Robust Table Structure Recognition with Dynamic Queries Enhanced
Detection Transformer
- URL: http://arxiv.org/abs/2303.11615v2
- Date: Wed, 12 Jul 2023 09:05:17 GMT
- Title: Robust Table Structure Recognition with Dynamic Queries Enhanced
Detection Transformer
- Authors: Jiawei Wang, Weihong Lin, Chixiang Ma, Mingze Li, Zheng Sun, Lei Sun,
Qiang Huo
- Abstract summary: We present a new table structure recognition approach, called TSRFormer, to robustly recognize the structures of complex tables with geometrical distortions from various table images.

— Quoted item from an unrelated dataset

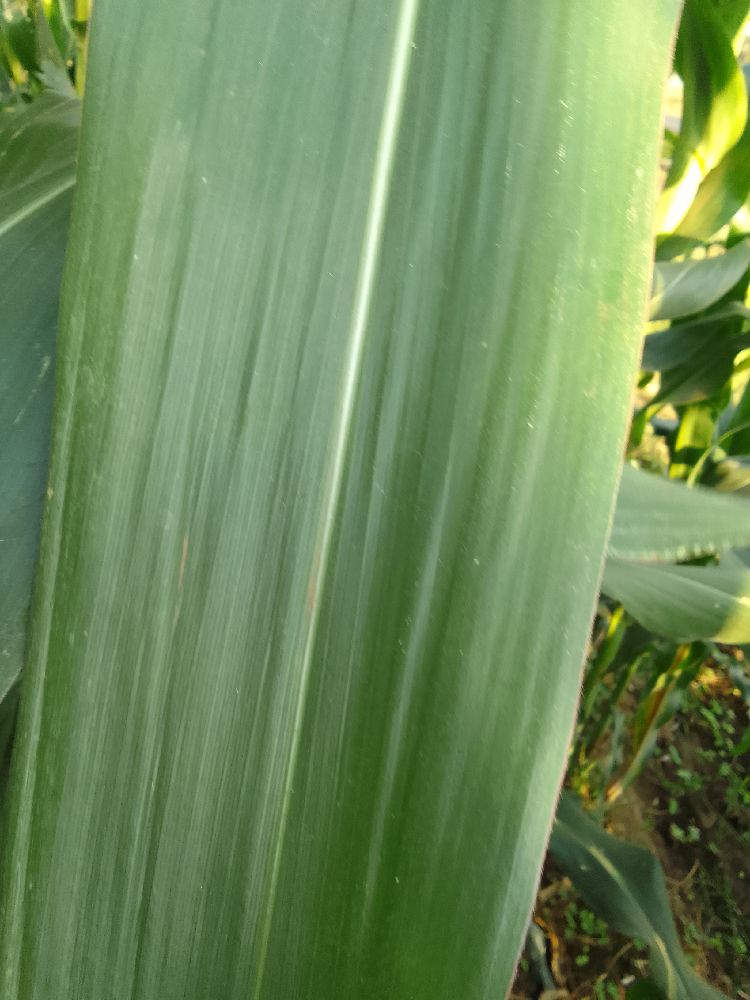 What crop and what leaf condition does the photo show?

With these new techniques, our TSRFormer achieves state-of-the-art performance on several benchmark datasets, including SciTSR, PubTabNet, WTW and FinTabNet.

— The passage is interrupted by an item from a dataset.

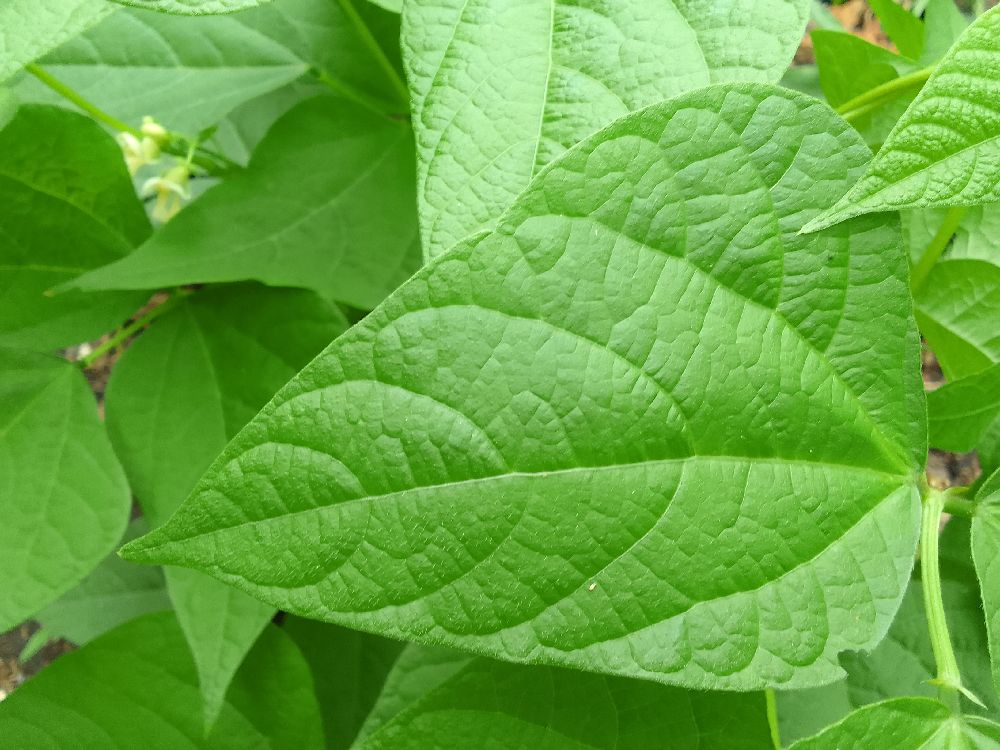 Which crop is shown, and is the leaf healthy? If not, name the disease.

common bean, healthy

- Score: 15.708108572696062
- License: http://arxiv.org/licenses/nonexclusive-distrib/1.0/
- Abstract: We present a new table structure recognition (TSR) approach, called
TSRFormer, to robustly recognizing the structures of complex tables with
geometrical distortions from various table images. Unlike previous methods, we
formulate table separation line prediction as a line regression problem instead
of an image segmentation problem and propose a new two-stage dynamic queries
enhanced DETR based separation line regression approach, named DQ-DETR, to
predict separation lines from table images directly. Compared to Vallina DETR,
we propose three improvements in DQ-DETR to make the two-stage DETR framework
work efficiently and effectively for the separation line prediction task: 1) A
new query design, named Dynamic Query, to decouple single line query into
separable point queries which could intuitively improve the localization
accuracy for regression tasks; 2) A dynamic queries based progressive line
regression approach to progressively regressing points on the line which
further enhances localization accuracy for distorted tables; 3) A
prior-enhanced matching strategy to solve the slow convergence issue of DETR.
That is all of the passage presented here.